The code and data are shown below. The weight vector sums to one. Any ideas why I’m throwing this error?

ols = glm(@formula(Y ~ X), data_profit, Normal(), IdentityLink(),wts=reg_weights)

Data:

julia> show(data_profit,allrows=true)
37×2 DataFrame
│ Row │ X     │ Y            │
│     │ Int64 │ Float64      │
├─────┼───────┼──────────────┤
│ 1   │ 1     │ 0.000313178  │
│ 2   │ 1     │ 0.000228847  │
│ 3   │ 1     │ 0.000230182  │
│ 4   │ 1     │ 0.00023272   │
│ 5   │ 1     │ 0.000235561  │
│ 6   │ 1     │ 0.000238828  │
│ 7   │ 1     │ 0.00024262   │
│ 8   │ 1     │ 0.000246501  │
│ 9   │ 1     │ 0.000250485  │
│ 10  │ 1     │ 0.00019644   │
│ 11  │ 0     │ 0.00011969   │
│ 12  │ 0     │ 0.00010914   │
│ 13  │ 0     │ 0.000104962  │
│ 14  │ 0     │ 0.000102631  │
│ 15  │ 0     │ 0.000101194  │
│ 16  │ 0     │ 0.00010041   │
│ 17  │ 0     │ 9.98285e-5   │
│ 18  │ 0     │ 9.93539e-5   │
│ 19  │ 0     │ 9.89764e-5   │
│ 20  │ 0     │ 9.86519e-5   │
│ 21  │ 0     │ 9.83628e-5   │
│ 22  │ 0     │ 9.80978e-5   │
│ 23  │ 0     │ 9.78451e-5   │
│ 24  │ 0     │ 0.00012086   │
│ 25  │ 0     │ 2.24932e-5   │
│ 26  │ 0     │ -1.12741e-5  │
│ 27  │ 0     │ 4.30009e-6   │
│ 28  │ 1     │ 5.51942e-5   │
│ 29  │ 1     │ 5.29287e-5   │
│ 30  │ 1     │ 5.06829e-5   │
│ 31  │ 0     │ -0.000835512 │
│ 32  │ 0     │ -0.000938462 │
│ 33  │ 0     │ -0.00108555  │
│ 34  │ 0     │ -7.13685e-5  │
│ 35  │ 0     │ -4.40181e-6  │
│ 36  │ 0     │ 1.32171e-5   │
│ 37  │ 0     │ 2.06316e-5   │

julia> show(reg_weights)
[0.0695251, 0.0455689, 0.0426326, 0.0400022, 0.03757, 0.0352973, 0.0331633, 0.0311543, 0.0292603, 0.
027473, 0.0257856, 0.024192, 0.0226868, 0.021265, 0.0199222, 0.0186542, 0.017457, 0.0163271, 0.01526
08, 0.0142551, 0.0133068, 0.012413, 0.011571, 0.0107781, 0.0100319, 0.00933, 0.0186224, 0.0552164, 0
.0491013, 0.0431579, 0.0377491, 0.0329251, 0.0287195, 0.0244011, 0.0211243, 0.0182855, 0.0158137]

#2

AFAIK weights passed to GLM are interpreted as frequency weights, so they should generally be integers. In general I think non-integer values should also work, but maybe estimation doesn’t behave properly when the sum of weights is too small (of sum of 1 is as if you had a single observation).

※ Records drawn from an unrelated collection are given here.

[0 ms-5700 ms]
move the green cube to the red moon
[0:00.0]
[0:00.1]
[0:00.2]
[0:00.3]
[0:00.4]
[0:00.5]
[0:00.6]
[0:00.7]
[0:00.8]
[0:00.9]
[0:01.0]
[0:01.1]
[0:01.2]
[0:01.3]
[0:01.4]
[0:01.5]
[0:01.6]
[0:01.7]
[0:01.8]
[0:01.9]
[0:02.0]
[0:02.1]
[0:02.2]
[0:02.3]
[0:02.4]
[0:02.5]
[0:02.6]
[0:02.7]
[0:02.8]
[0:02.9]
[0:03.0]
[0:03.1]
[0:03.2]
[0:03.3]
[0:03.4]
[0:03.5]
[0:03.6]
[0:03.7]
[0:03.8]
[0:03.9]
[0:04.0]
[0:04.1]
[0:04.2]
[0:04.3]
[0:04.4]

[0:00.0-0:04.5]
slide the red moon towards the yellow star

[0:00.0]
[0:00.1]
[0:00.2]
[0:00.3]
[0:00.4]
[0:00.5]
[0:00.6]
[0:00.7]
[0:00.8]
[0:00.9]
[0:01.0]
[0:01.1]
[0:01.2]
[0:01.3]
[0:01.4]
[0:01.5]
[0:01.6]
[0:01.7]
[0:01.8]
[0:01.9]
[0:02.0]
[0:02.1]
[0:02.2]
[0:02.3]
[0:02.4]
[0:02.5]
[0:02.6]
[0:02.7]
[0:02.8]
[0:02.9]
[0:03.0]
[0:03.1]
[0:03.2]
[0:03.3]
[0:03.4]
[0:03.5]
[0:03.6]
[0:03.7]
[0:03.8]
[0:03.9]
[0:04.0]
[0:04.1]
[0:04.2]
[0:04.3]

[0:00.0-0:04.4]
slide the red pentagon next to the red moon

If these weights are sampling/probability weights, you should rescale them to sum to the number of observations to get correct inference. Then maybe that will also work around the bug?


#3

You also have some negative weights, which I don’t think are allowed.


#4

Negative values are in the response, not in weights, right?


#5

Ah sorry.

PS the docs for GLM could some love, I couldn’t find any discussion of this in the docs. OP if you have any ideas on how to improve the documentation for this you should submit a PR!


#6

I think the issue here is that that X'X becomes numerically singular.


#7

thanks all. I’ll put in a PR for more explanation in docs around what options can specified, and what format they should be in.